紫輝の熱弁に、雫の脳裏には色々な映像みたいなものが展開されていた。

同年代のはずなのに最初の激突では話にもならなかったが時を重ねながら食らいつき、そして追いついた紫輝。

国内選考が激しい中崖っぷちに立っていると称したとある男が、有言実行を基に精神改革を為してかつて開催されていた五輪の舞台に立つという大躍進……否、大飛翔を遂げた光景。

当時の絶対王者との年季の壁が大きく、自身の武器を磨いて勝てると信じて挑み続け大舞台で遂に打ち勝った現代でも至高の一人とされるあの選手のことを。

……この時既に、雫の目には静謐にだが火が再度灯っていた。

「……そう、だね。 獅燿君の言う通り。 私よりも酷い負けを経験した人もいる……でも、みんなそれぞれのやり方で超えてた。」

「ああ。 それに、これからそんな壁にぶち当たるのは避けられねえぞ? 俺も、お前もな。 俺なんかもうすぐそれが迫ってるかもしれねえ。」

「コロラドには去年の世界ジュニアチャンピオンの彼も出るからね。 ……でも、今私にここまで言ったんだから負けても慰めたりしないよ?」

雫の口調がいつも通り……否、いつもよりどこか不敵になっていた。

明らかに紫輝の空気に中てられているが、紫輝もほのかもこの場は彼女が普段通りに戻ったことに安堵していた。
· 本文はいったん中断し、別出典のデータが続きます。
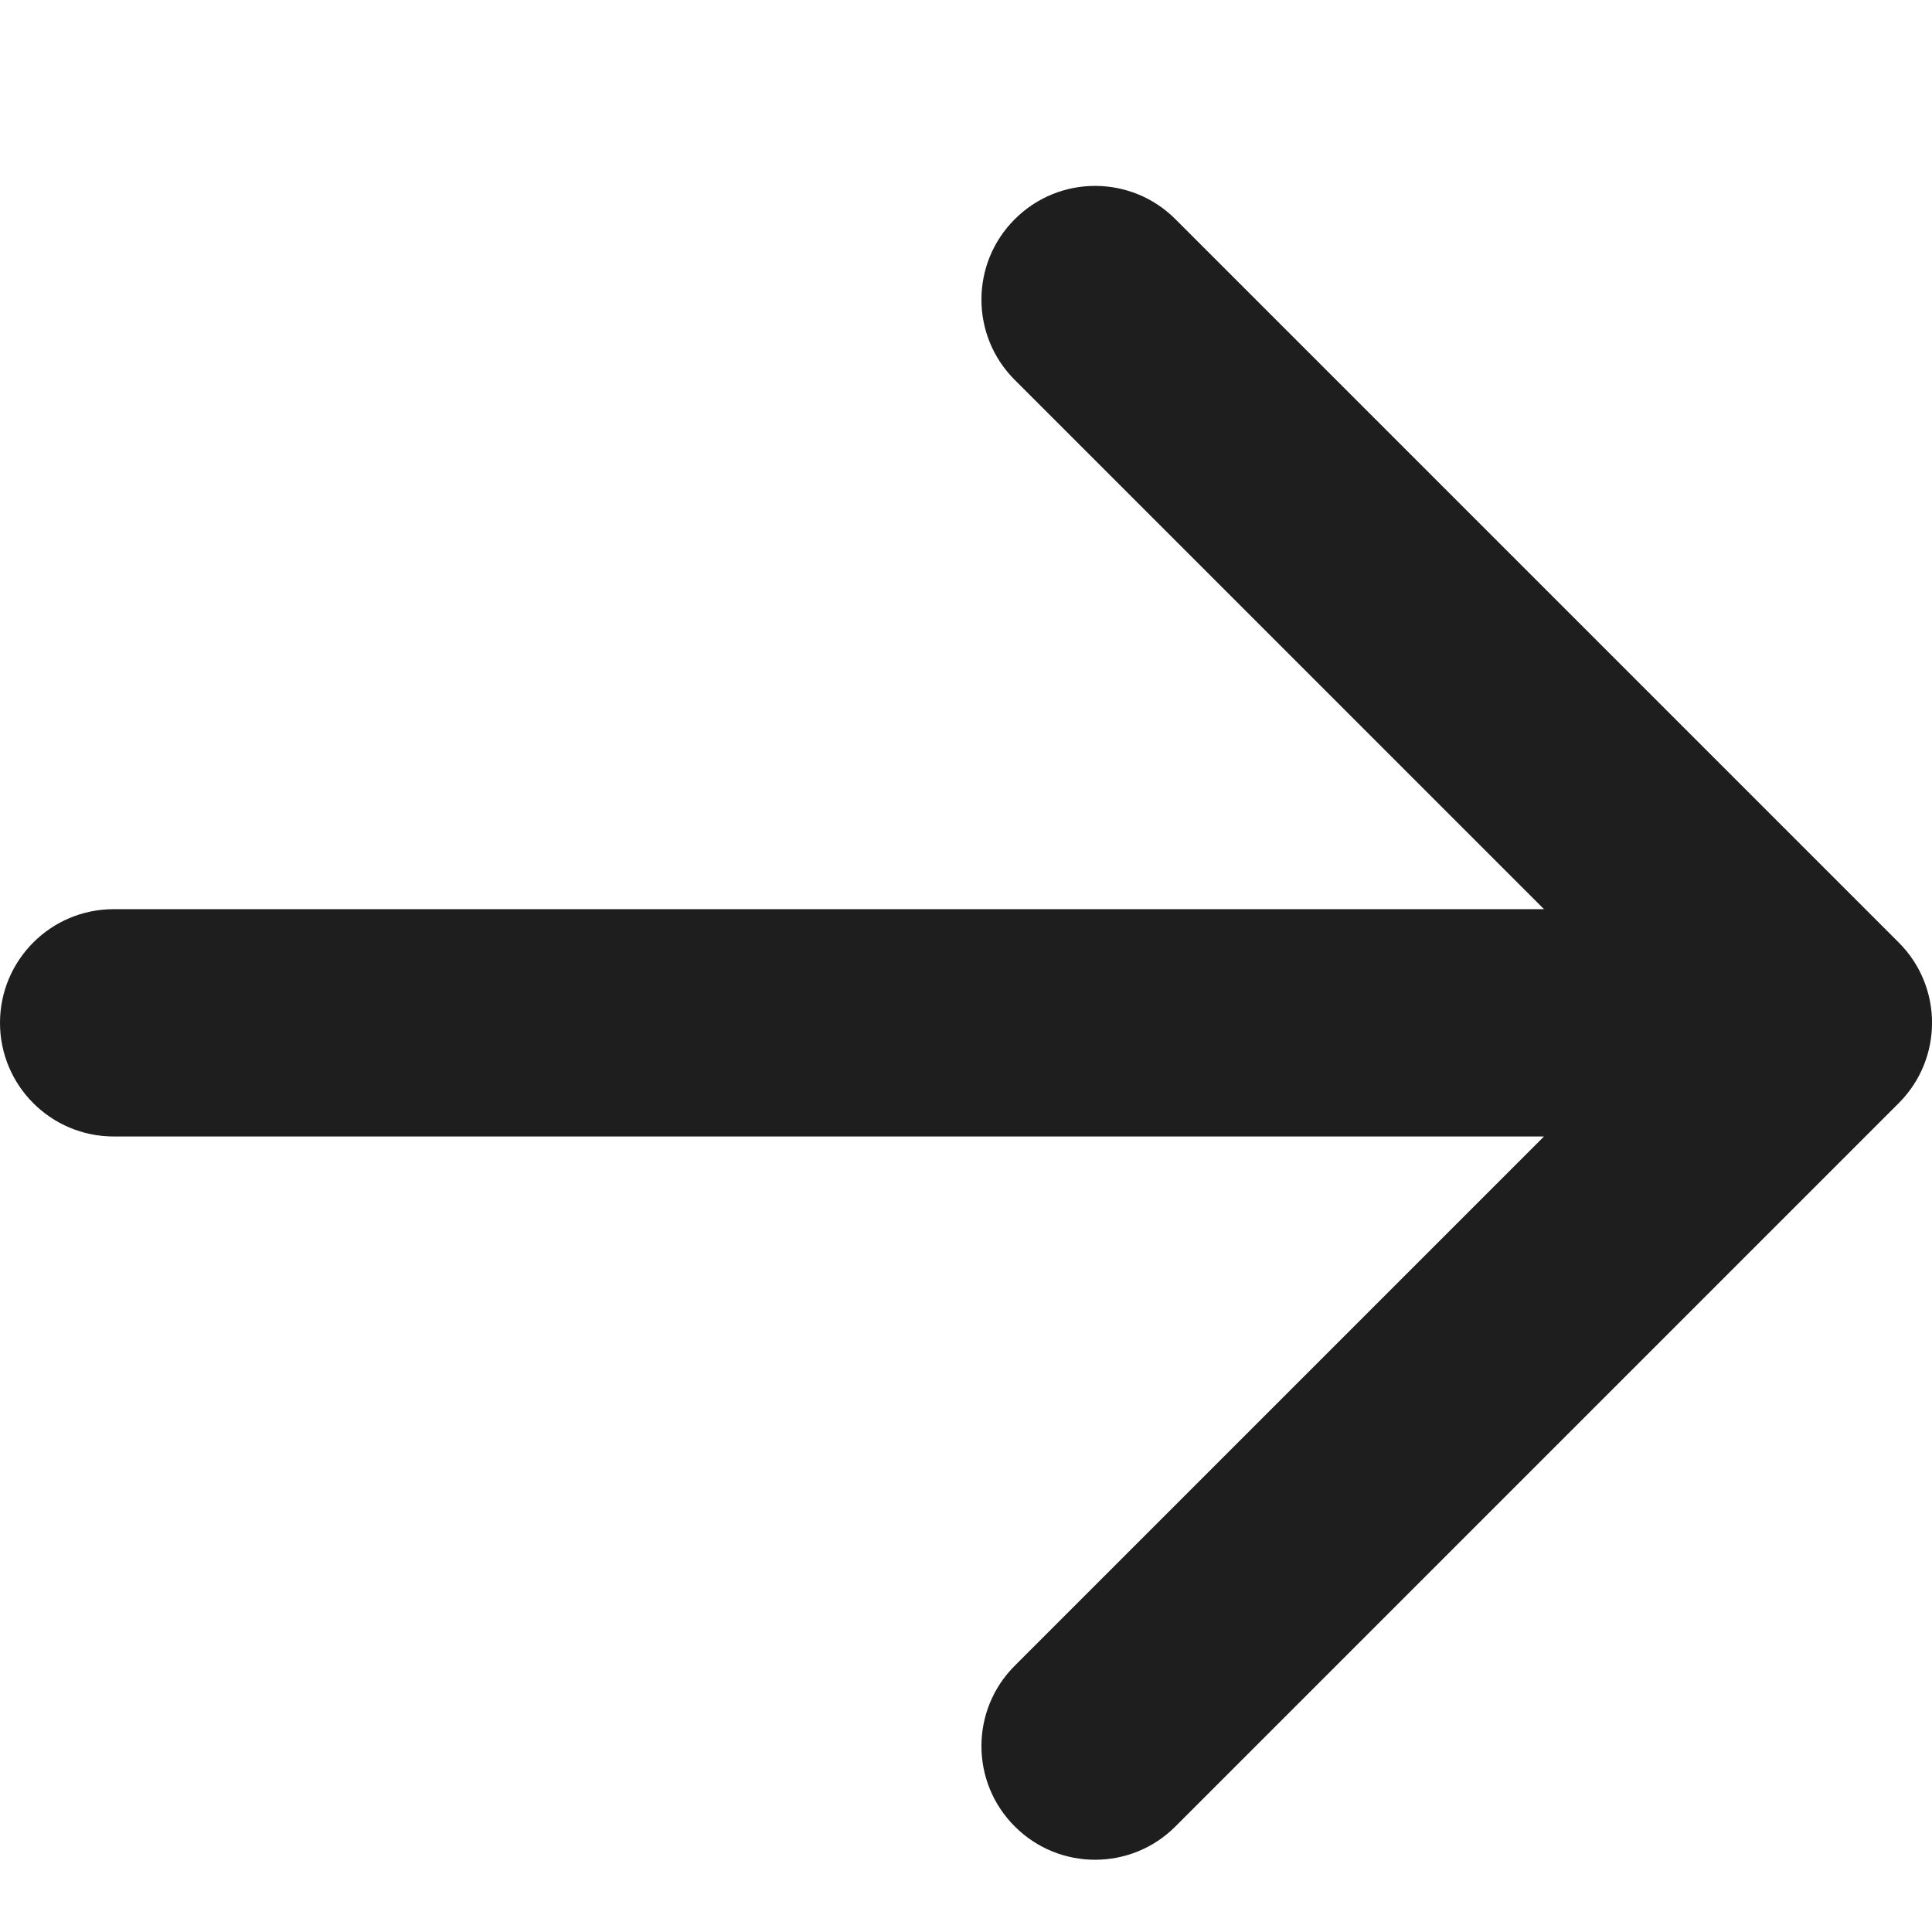 <svg width="17" height="17" viewBox="0 0 17 17" fill="none" xmlns="http://www.w3.org/2000/svg">
<path d="M1 8C0.448 8 0 8.448 0 9C0 9.552 0.448 10 1 10L1 8ZM16.707 9.707C17.098 9.317 17.098 8.683 16.707 8.293L10.343 1.929C9.953 1.538 9.319 1.538 8.929 1.929C8.538 2.319 8.538 2.953 8.929 3.343L14.586 9L8.929 14.657C8.538 15.047 8.538 15.681 8.929 16.071C9.319 16.462 9.953 16.462 10.343 16.071L16.707 9.707ZM1 10L16 10V8L1 8L1 10Z" fill="#1F1E1E"/>
</svg>
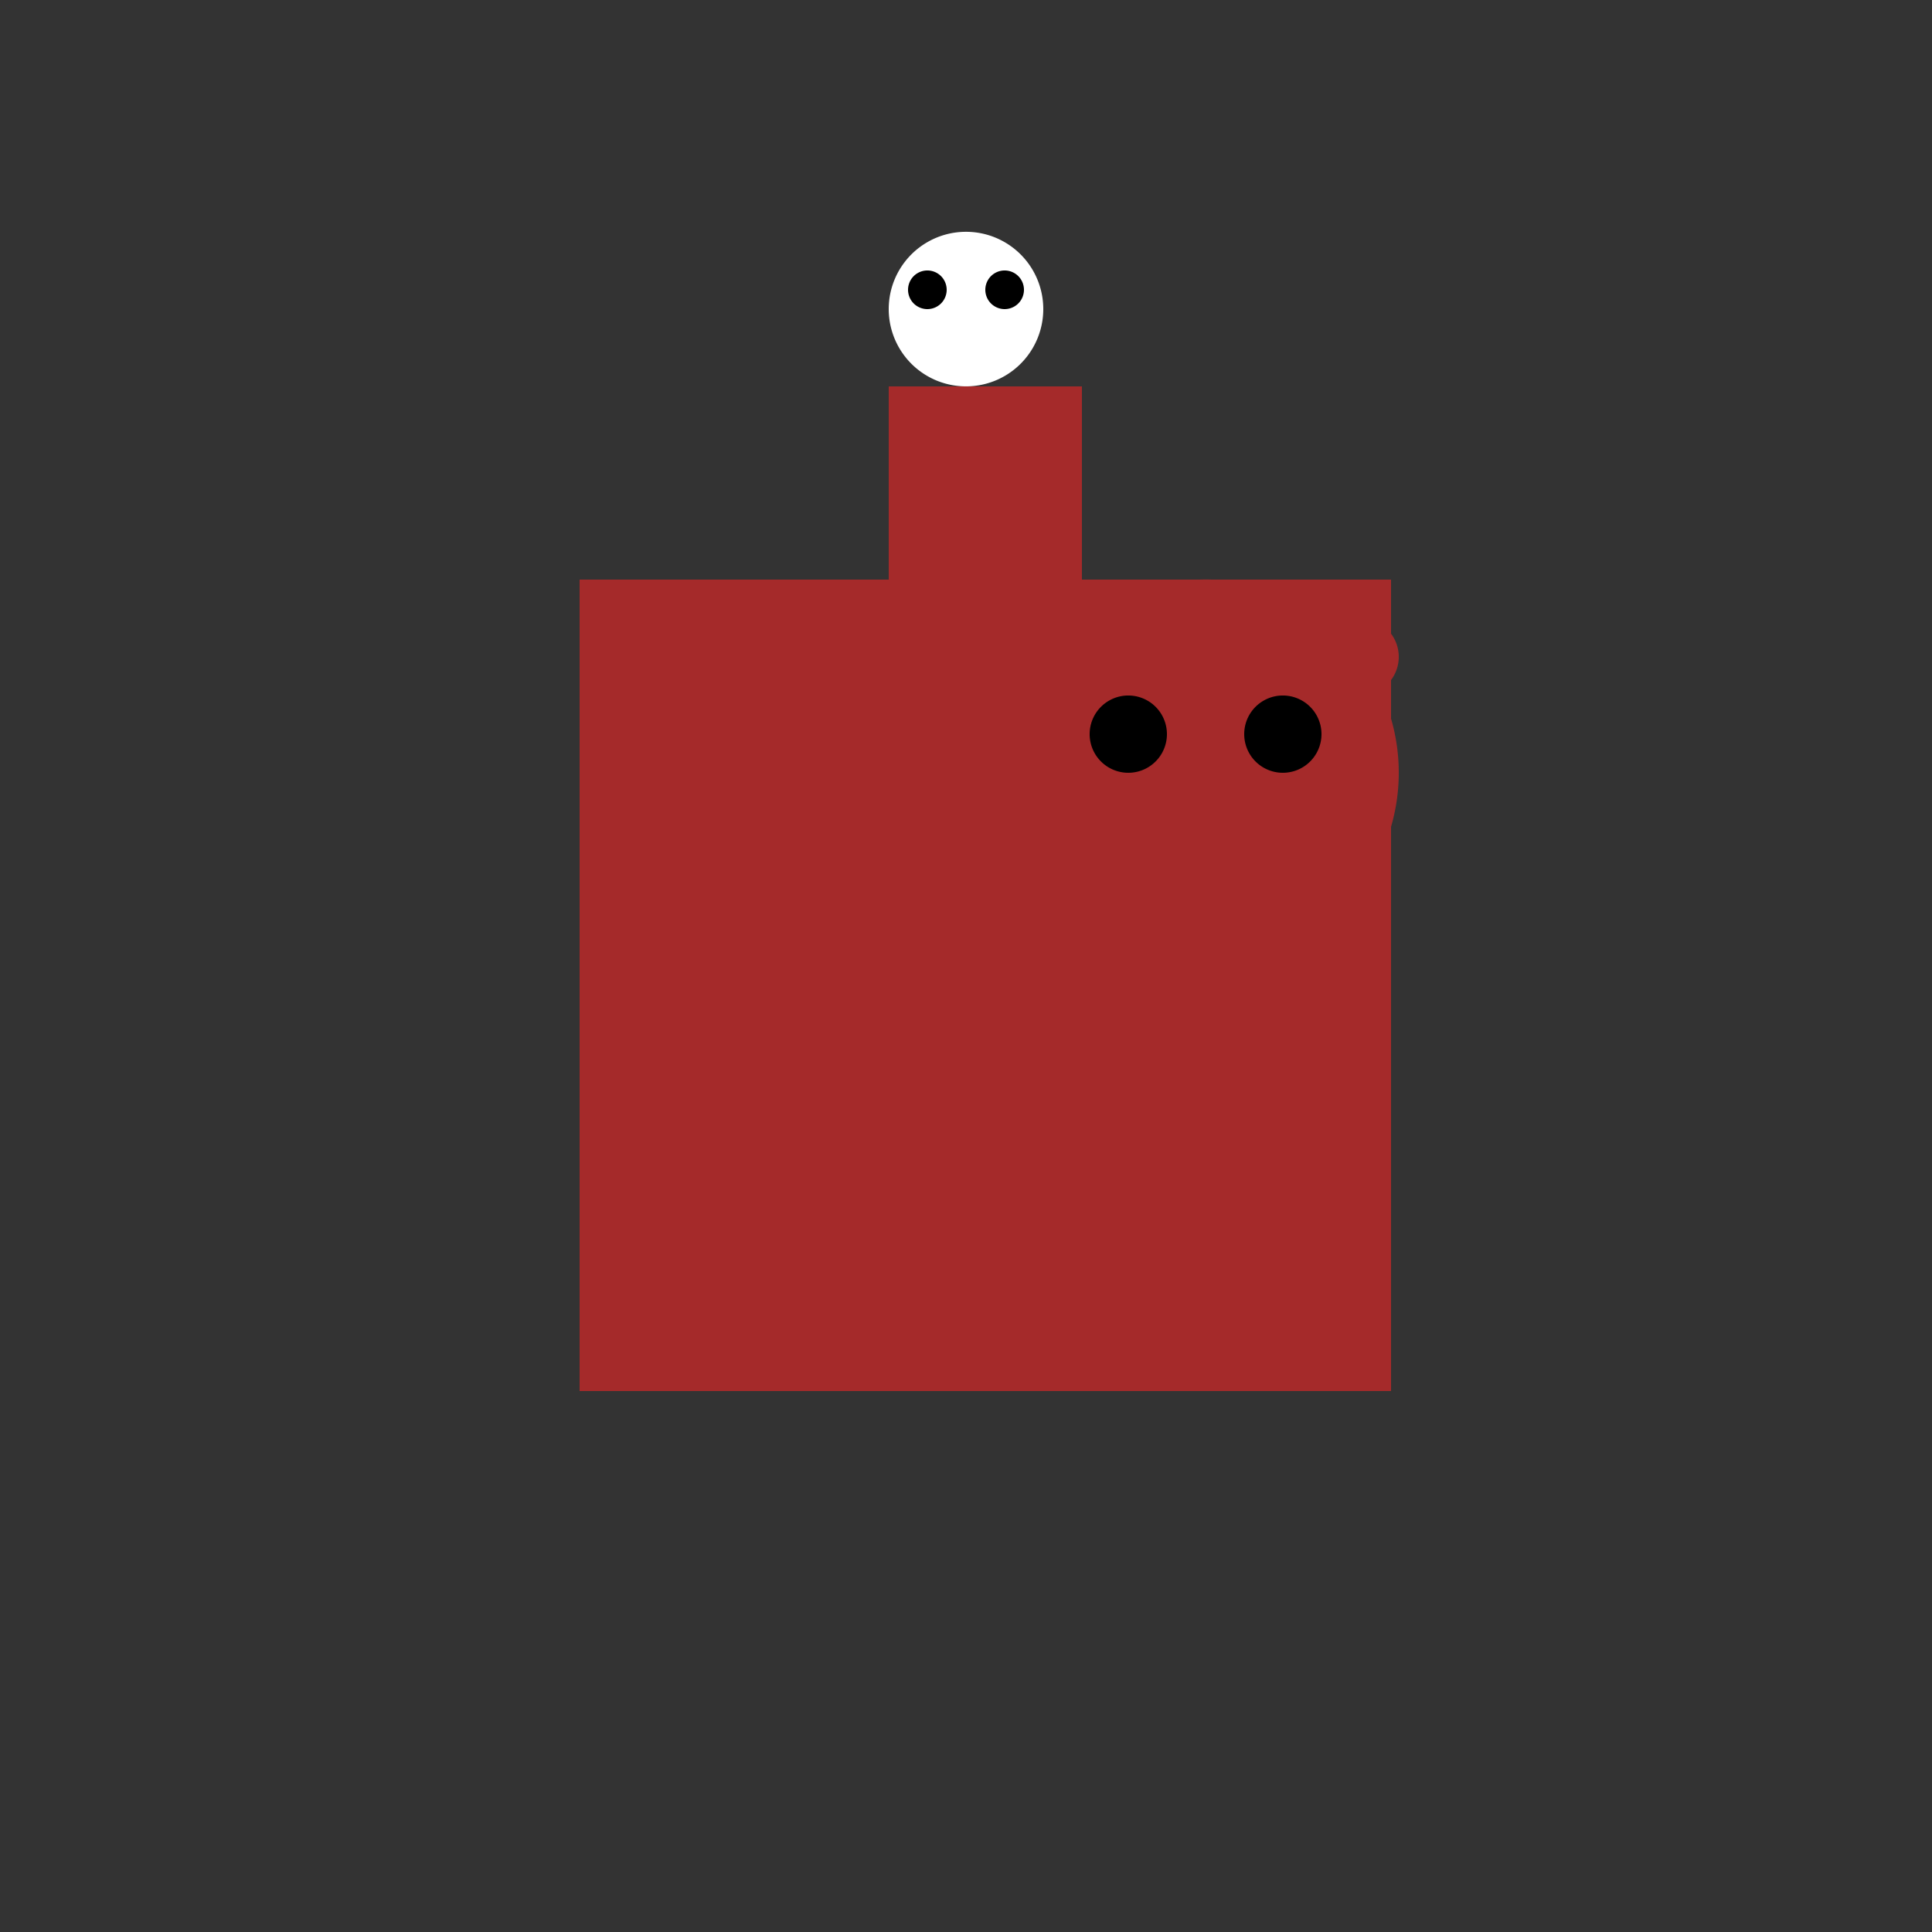 <!--

Generated by DrawGPT.
Free, open source, AI generated images in SVG, PNG, and HTML Canvas format.
https://drawgpt.ai

Created: 2023-09-26T02:49:06.972Z
Link: https://drawgpt.ai/prompt/16757/

-->
<svg xmlns="http://www.w3.org/2000/svg" xmlns:xlink="http://www.w3.org/1999/xlink" width="500" height="500"><rect width="100%" height="100%" fill="#333333" stroke="none"/><defs/><g><rect fill="brown" stroke="none" x="150" y="150" width="210" height="210"/><path fill="brown" stroke="none" paint-order="stroke fill markers" d=" M 362 200 A 50 50 0 1 1 362 199.95"/><path fill="black" stroke="none" paint-order="stroke fill markers" d=" M 302 190 A 10 10 0 1 1 302 189.99"/><path fill="black" stroke="none" paint-order="stroke fill markers" d=" M 342 190 A 10 10 0 1 1 342 189.99"/><path fill="black" stroke="none" paint-order="stroke fill markers" d=" M 312 200 L 312 220"/><path fill="brown" stroke="none" paint-order="stroke fill markers" d=" M 272 170 A 10 10 0 1 1 272 169.99"/><path fill="brown" stroke="none" paint-order="stroke fill markers" d=" M 362 170 A 10 10 0 1 1 362 169.99"/><rect fill="brown" stroke="none" x="230" y="100" width="50" height="50"/><path fill="white" stroke="none" paint-order="stroke fill markers" d=" M 270 80 A 20 20 0 1 1 270 79.98"/><path fill="black" stroke="none" paint-order="stroke fill markers" d=" M 245 75 A 5 5 0 1 1 245 74.995"/><path fill="black" stroke="none" paint-order="stroke fill markers" d=" M 265 75 A 5 5 0 1 1 265 74.995"/><path fill="orange" stroke="none" paint-order="stroke fill markers" d=" M 250 90 L 250 100"/><path fill="gray" stroke="none" paint-order="stroke fill markers" d=" M 240 120 L 235 125"/><path fill="gray" stroke="none" paint-order="stroke fill markers" d=" M 260 120 L 265 125"/></g></svg>

「はは、それでいいさ。 何なら、帰ってきて早々今の俺みたいに批評かましてくれても構わねえぜ?」

「うん、そのつもり。 勝っても負けてもビシビシ突っ込むから。」

「……あれ、何だか私完全に蚊帳の外……。」

「あ、ほのかゴメン。 そしてもうこんな時間……よし、色々スッキリしたから夕食に行くよ。」

すっかり本調子になったのか、むしろ普段より活き活きと雫は足を運んでいた。

その様子を見て、紫輝とほのかは互いに見合わせて苦笑を浮かべていた。

 




改めて思うのですが沓子の口調これで大丈夫なんだろうか。
間違いがあったら容赦なく指摘してください。 一応気を付けてはいるんですが方言等ばかりは調べきれない部分も出てくるので。(単なる調査不足とも言える)
このバトル・ボード決勝は是非とも文章化したかった1戦で、優等生どころか九校戦編全体でも屈指のお気に入りです。
そして最後は慰めるのではなくあえて発破を掛けさせました。ツッコミどころはあると思いますがこれが紫輝流です。